*EXERCISE*
Copy, from the data below, every line that has "xmlns" in it.
____
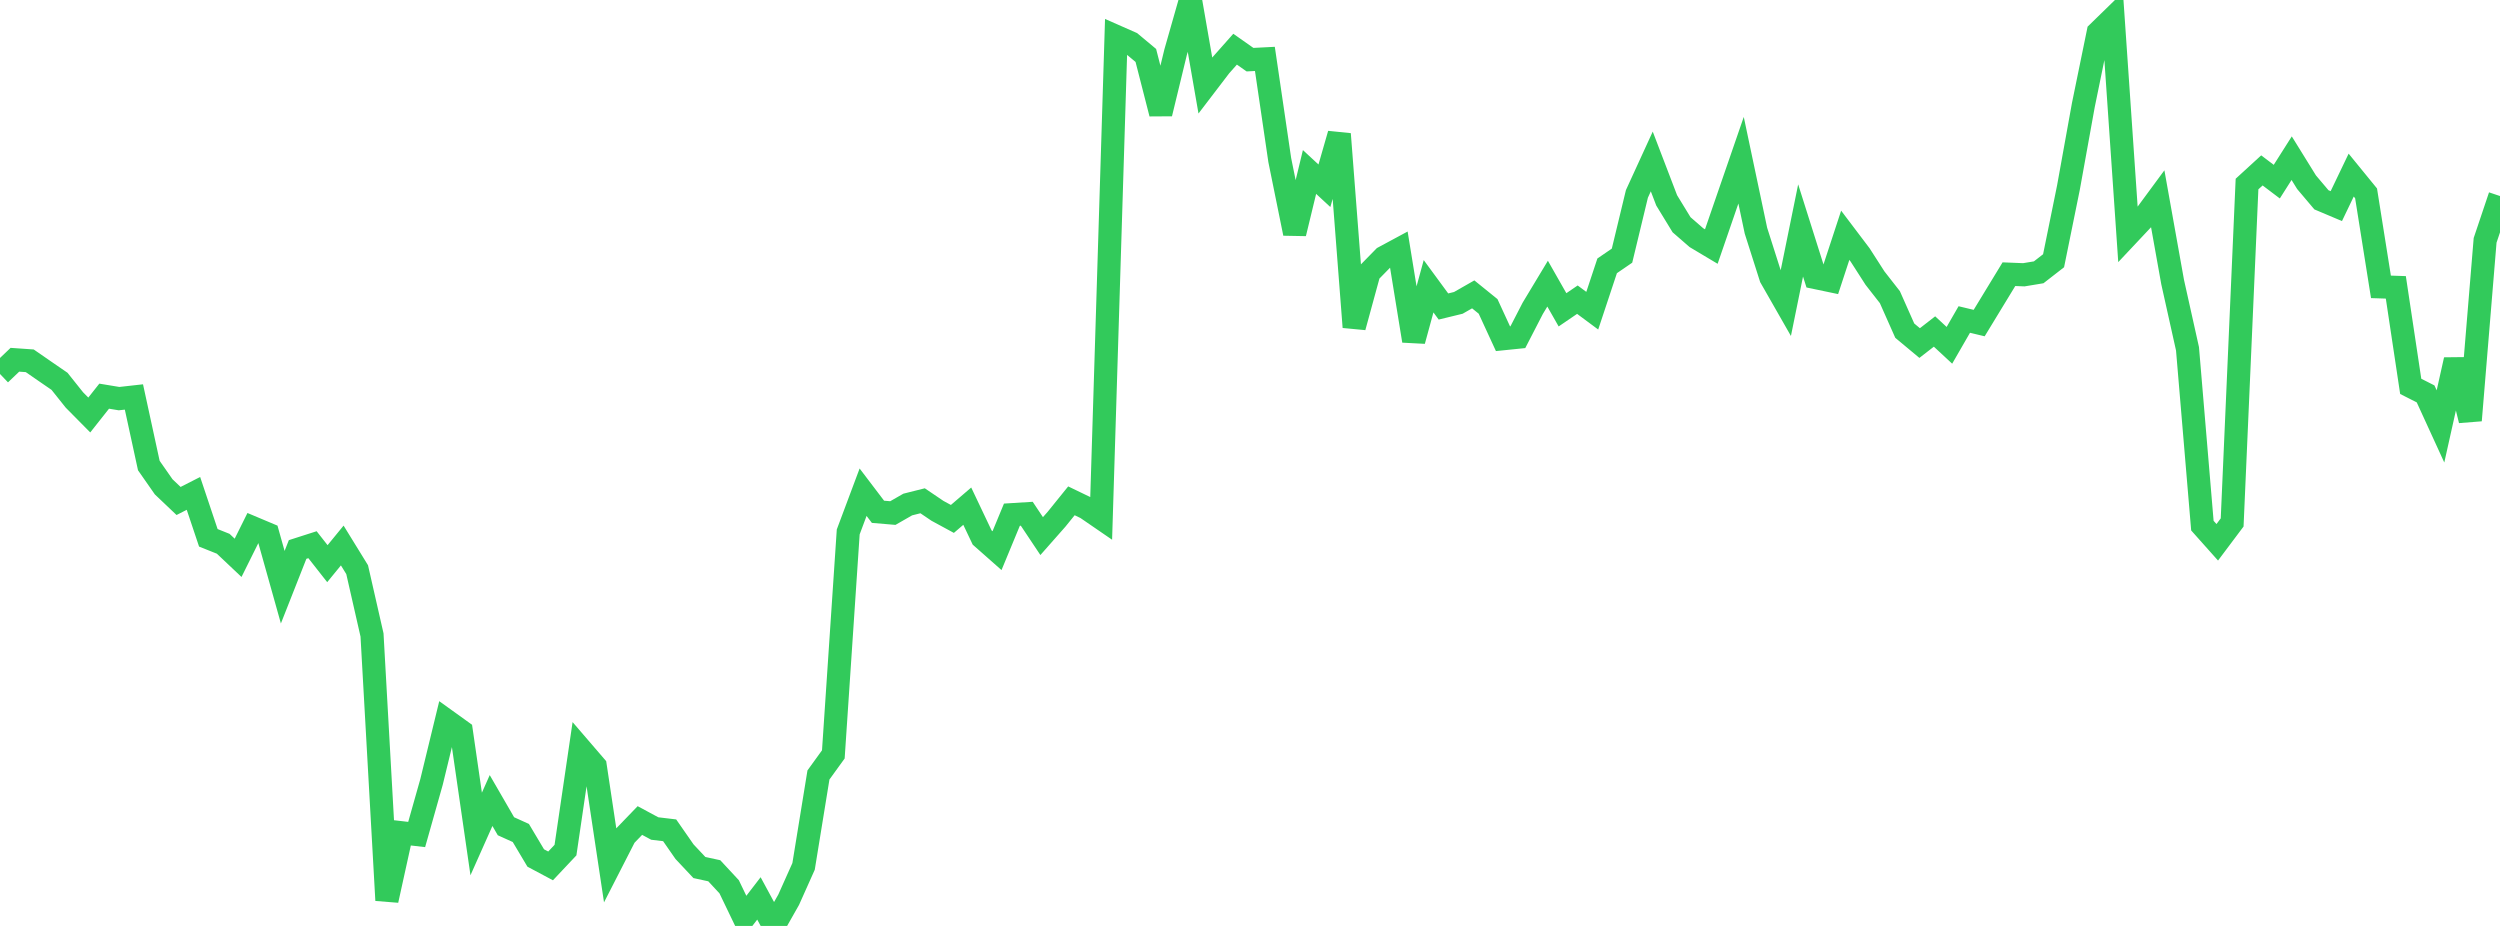 <?xml version="1.0" standalone="no"?>
<!DOCTYPE svg PUBLIC "-//W3C//DTD SVG 1.1//EN" "http://www.w3.org/Graphics/SVG/1.1/DTD/svg11.dtd">

<svg width="135" height="50" viewBox="0 0 135 50" preserveAspectRatio="none" 
  xmlns="http://www.w3.org/2000/svg"
  xmlns:xlink="http://www.w3.org/1999/xlink">


<polyline points="0.0, 20.195 0.804, 19.427 1.607, 19.483 2.411, 20.039 3.214, 20.591 4.018, 21.598 4.821, 22.41 5.625, 21.393 6.429, 21.526 7.232, 21.436 8.036, 25.139 8.839, 26.289 9.643, 27.053 10.446, 26.643 11.25, 29.042 12.054, 29.364 12.857, 30.123 13.661, 28.505 14.464, 28.843 15.268, 31.709 16.071, 29.672 16.875, 29.414 17.679, 30.438 18.482, 29.457 19.286, 30.762 20.089, 34.288 20.893, 48.616 21.696, 44.97 22.5, 45.063 23.304, 42.219 24.107, 38.912 24.911, 39.49 25.714, 45.035 26.518, 43.229 27.321, 44.617 28.125, 44.981 28.929, 46.331 29.732, 46.759 30.536, 45.905 31.339, 40.439 32.143, 41.374 32.946, 46.713 33.75, 45.142 34.554, 44.308 35.357, 44.74 36.161, 44.836 36.964, 45.991 37.768, 46.847 38.571, 47.021 39.375, 47.887 40.179, 49.558 40.982, 48.514 41.786, 50.0 42.589, 48.583 43.393, 46.786 44.196, 41.849 45.0, 40.737 45.804, 28.724 46.607, 26.579 47.411, 27.637 48.214, 27.705 49.018, 27.244 49.821, 27.042 50.625, 27.586 51.429, 28.022 52.232, 27.333 53.036, 29.027 53.839, 29.736 54.643, 27.793 55.446, 27.743 56.25, 28.949 57.054, 28.038 57.857, 27.044 58.661, 27.432 59.464, 27.983 60.268, 1.969 61.071, 2.323 61.875, 2.994 62.679, 6.133 63.482, 2.821 64.286, 0.0 65.089, 4.614 65.893, 3.561 66.696, 2.656 67.5, 3.222 68.304, 3.181 69.107, 8.643 69.911, 12.605 70.714, 9.287 71.518, 10.031 72.321, 7.238 73.125, 17.663 73.929, 14.721 74.732, 13.901 75.536, 13.468 76.339, 18.403 77.143, 15.457 77.946, 16.551 78.75, 16.355 79.554, 15.896 80.357, 16.546 81.161, 18.291 81.964, 18.209 82.768, 16.65 83.571, 15.317 84.375, 16.73 85.179, 16.182 85.982, 16.778 86.786, 14.355 87.589, 13.805 88.393, 10.471 89.196, 8.719 90.0, 10.82 90.804, 12.136 91.607, 12.834 92.411, 13.314 93.214, 10.982 94.018, 8.652 94.821, 12.457 95.625, 14.982 96.429, 16.39 97.232, 12.444 98.036, 14.987 98.839, 15.155 99.643, 12.705 100.446, 13.766 101.25, 15.018 102.054, 16.047 102.857, 17.855 103.661, 18.525 104.464, 17.901 105.268, 18.647 106.071, 17.253 106.875, 17.446 107.679, 16.125 108.482, 14.806 109.286, 14.838 110.089, 14.705 110.893, 14.08 111.696, 10.129 112.5, 5.678 113.304, 1.753 114.107, 0.97 114.911, 12.683 115.714, 11.829 116.518, 10.738 117.321, 15.224 118.125, 18.835 118.929, 28.384 119.732, 29.284 120.536, 28.212 121.339, 9.938 122.143, 9.202 122.946, 9.809 123.75, 8.542 124.554, 9.84 125.357, 10.79 126.161, 11.13 126.964, 9.455 127.768, 10.441 128.571, 15.49 129.375, 15.517 130.179, 20.863 130.982, 21.271 131.786, 23.026 132.589, 19.431 133.393, 22.699 134.196, 12.978 135.0, 10.586" fill="none" stroke="#32ca5b" stroke-width="1.25"/>

</svg>
____
*SOLUTION*
  xmlns="http://www.w3.org/2000/svg"
  xmlns:xlink="http://www.w3.org/1999/xlink">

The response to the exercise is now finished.